I left the loom to the mercies of my detached garage, the door doesn’t seal quite right and it is right up against the woods so, like all of the garages in the region, it tends to get mice.  At the end of 2016 I still could not get each of my treadles to move independently.  I utilized every trick I knew of and a few I begged off of guild members and still could not get the last two to move separately from each other.  I spent the winter brooding over it, and for most of the summer did not get around to doing anything with my loom.

Then early in September, my last weekend before the colleges I work for started up again, I dragged my big loom into the sunlight.  Now over a year later I looked at her again.  I need to touch up the paint, see if I can get some of the rust off of some of the springs, and warp her up to make some rugs eventually.  What I did accomplish was  enough for me, for now.
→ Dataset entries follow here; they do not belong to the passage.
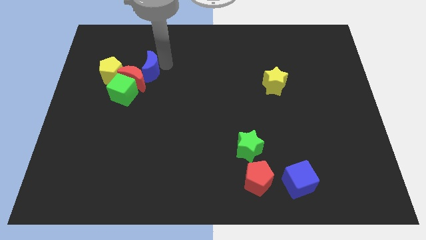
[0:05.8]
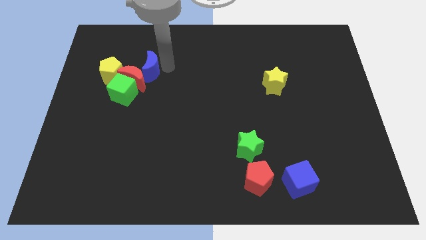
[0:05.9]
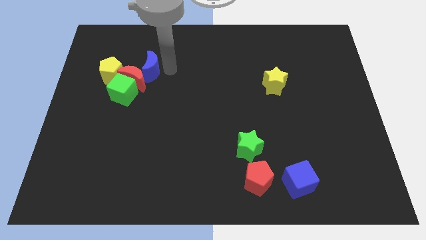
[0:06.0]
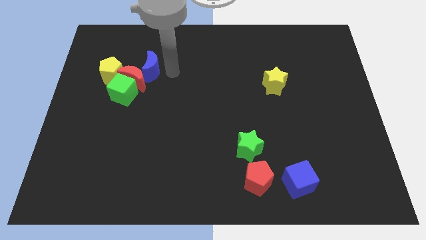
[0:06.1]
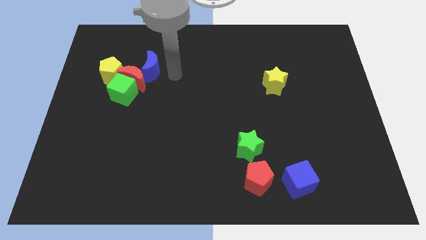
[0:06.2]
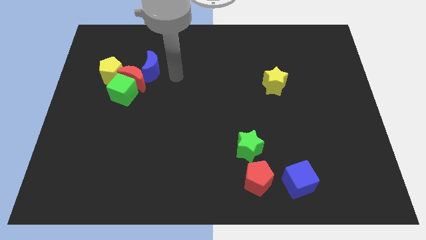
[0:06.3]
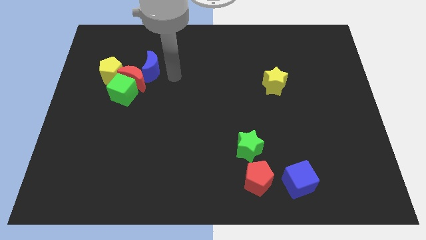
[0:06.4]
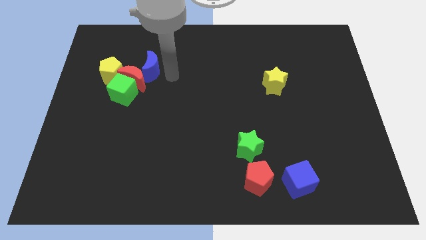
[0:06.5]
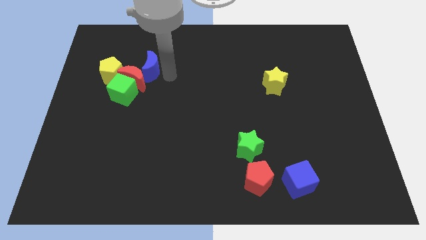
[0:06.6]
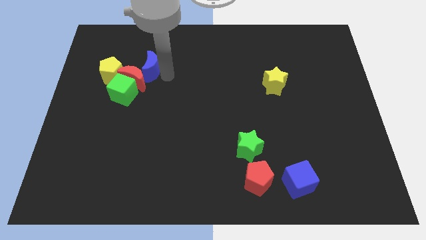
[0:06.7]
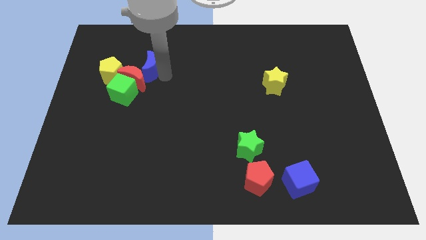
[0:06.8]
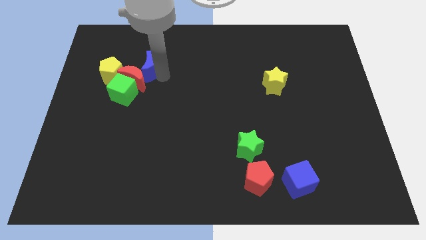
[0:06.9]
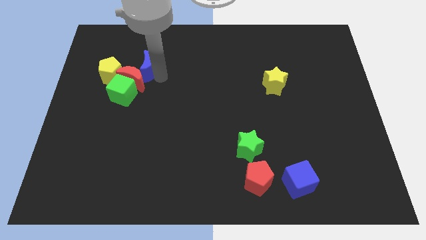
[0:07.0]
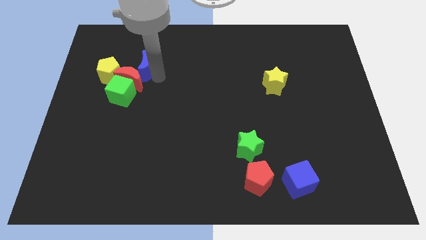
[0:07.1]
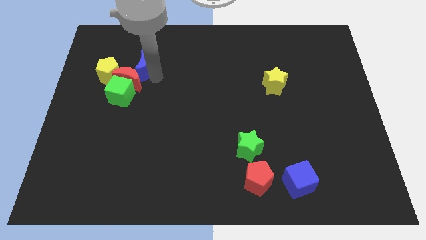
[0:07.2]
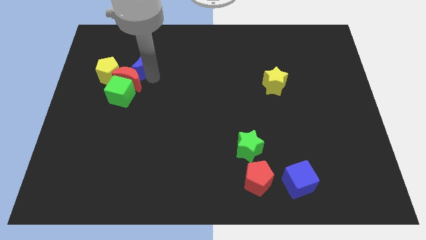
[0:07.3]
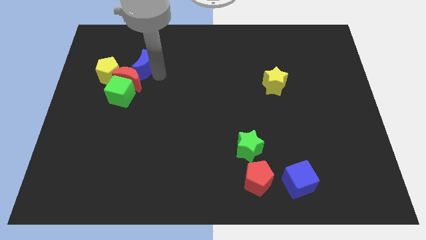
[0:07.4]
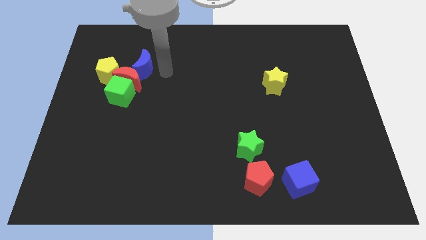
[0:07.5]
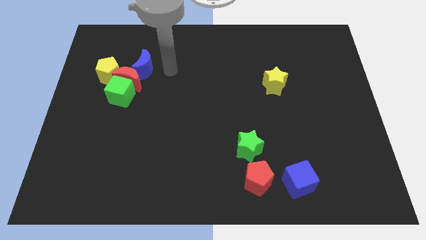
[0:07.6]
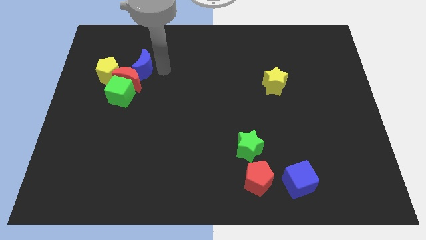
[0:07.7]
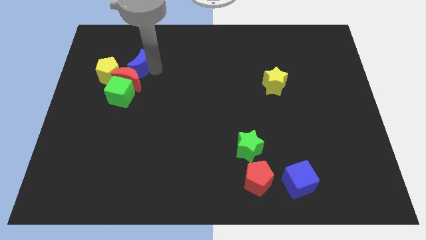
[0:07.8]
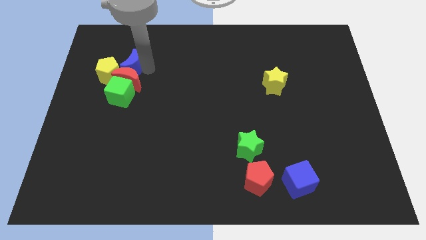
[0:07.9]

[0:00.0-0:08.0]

I wiped her down with Clorox wipes, making sure to pay attention to anything that looked like it might be detritus, and let her dry while I tried to get the painters tape off of the treadles (don’t let that sit on wood for a year, just not a good idea).  Then I took a cheap little hacksaw to the part of the treadles that looked like they were sticking.  My beautiful yellow loom snapped that hacksaw like it was plastic, luckily it snapped in the wood and didn’t cause me any injury.  Okay, so that isn’t going to work, oh well it was only a couple of bucks.

Next I went to the files I had purchased.  They are supposed to go into an electric drill, but, my cordless drill is not very robust and I cannot figure out how to change bits in my father’s old drill.  However, by hand I managed to hack and saw through some of the wood and loosen up the treadles, bit by bit.  After a half an hour or so of going over the top, up through the bottom of either side of both of the sticky treadles I began to move them at cross purposes, one up one down, several times very quickly.  They loosened up enough that I was able to get them each moving very freely.  I cannot say for sure if it was the naval jelly last year, the hacking, or just the sheer fact of trying to move them independently, but I am very happy to say that my treadles now work on my loom.  At least they did a couple of weeks ago.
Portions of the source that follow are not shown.